*What the task requires*: Without copying any picture, return all lines below exactly.

*Data extract*:

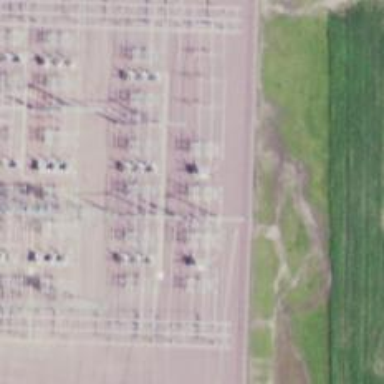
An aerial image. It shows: Switch used for power control.
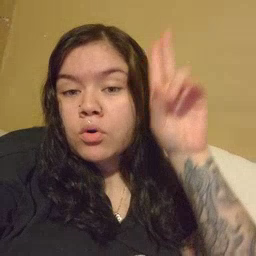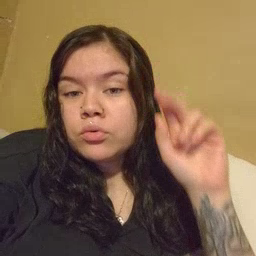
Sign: uncle
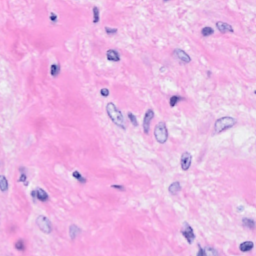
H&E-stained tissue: Breast
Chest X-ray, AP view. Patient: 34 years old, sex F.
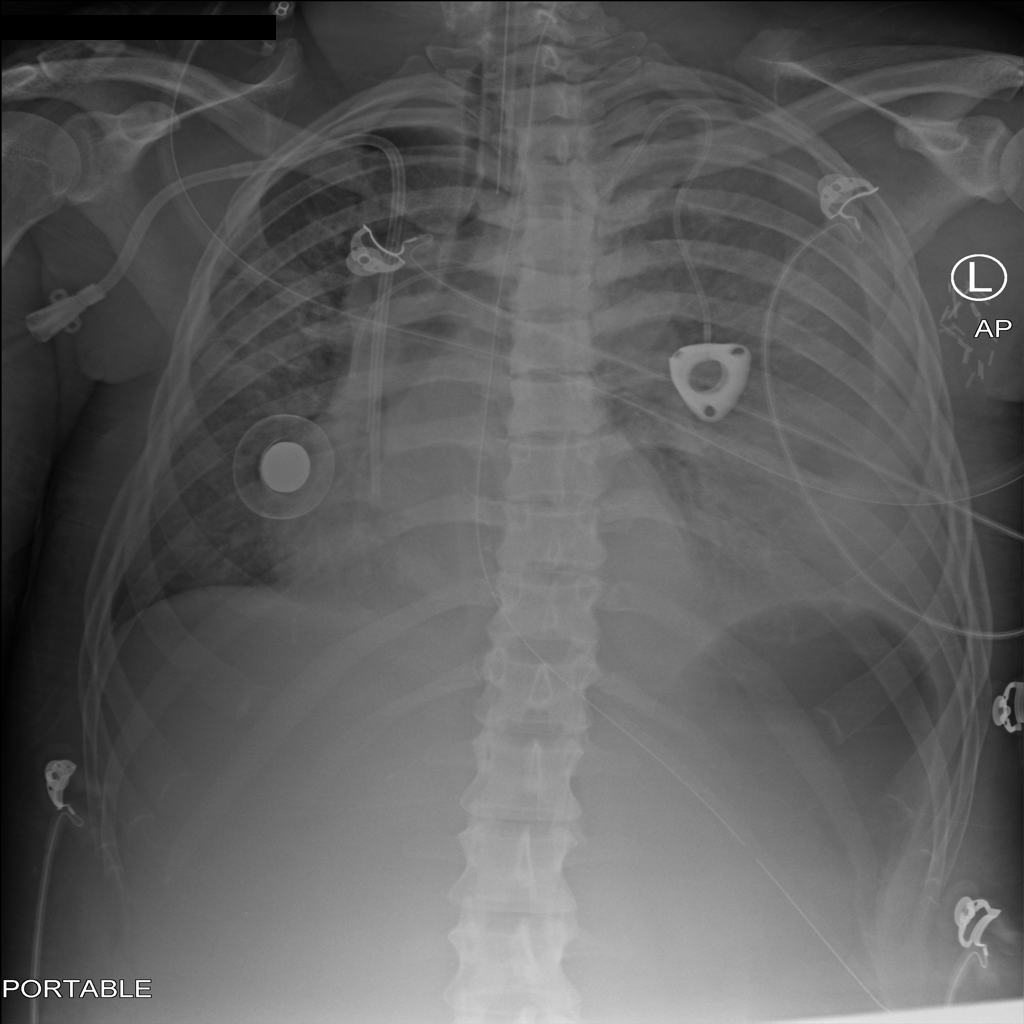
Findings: Consolidation, Effusion
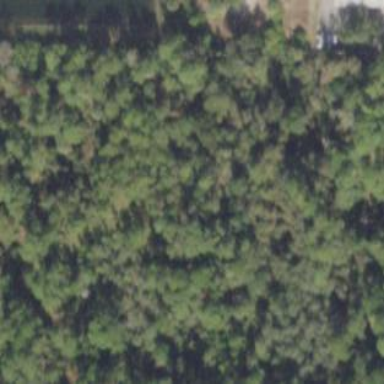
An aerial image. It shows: Mixed leaf woodland.
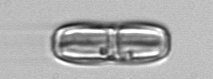
Label: Ephemera
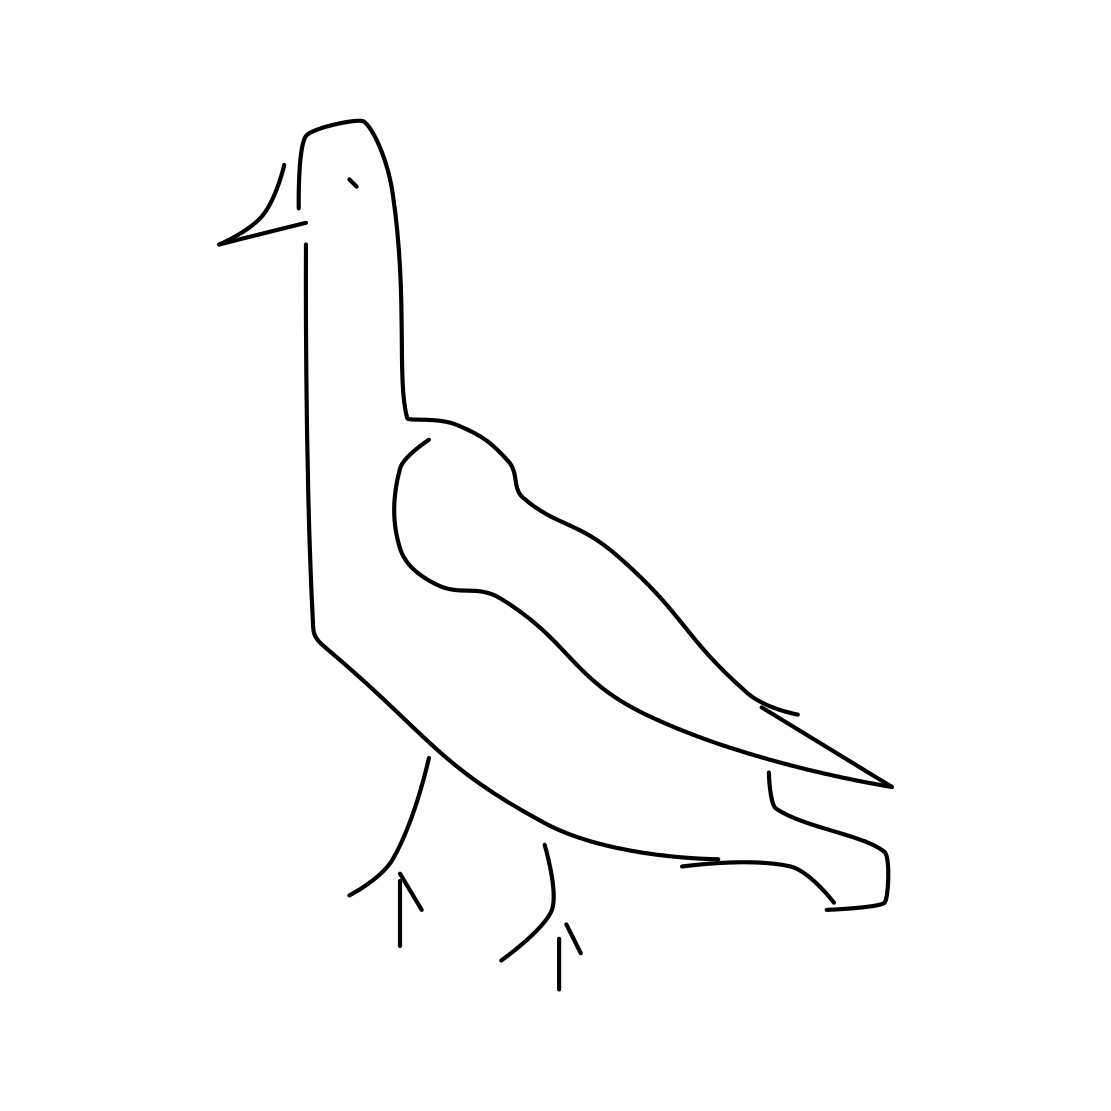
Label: pigeon
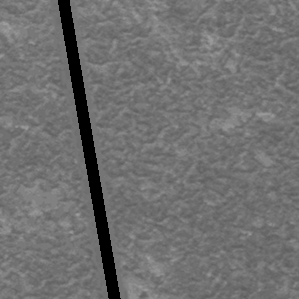
Label: frost
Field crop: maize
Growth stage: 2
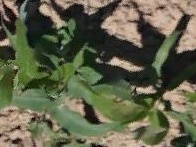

*Response to this exercise*:
An aerial image. It shows: Switch used for power control.
Sign: uncle
H&E-stained tissue: Breast
Chest X-ray, AP view. Patient: 34 years old, sex F.
Findings: Consolidation, Effusion
An aerial image. It shows: Mixed leaf woodland.
Label: Ephemera
Label: pigeon
Label: frost
Field crop: maize
Growth stage: 2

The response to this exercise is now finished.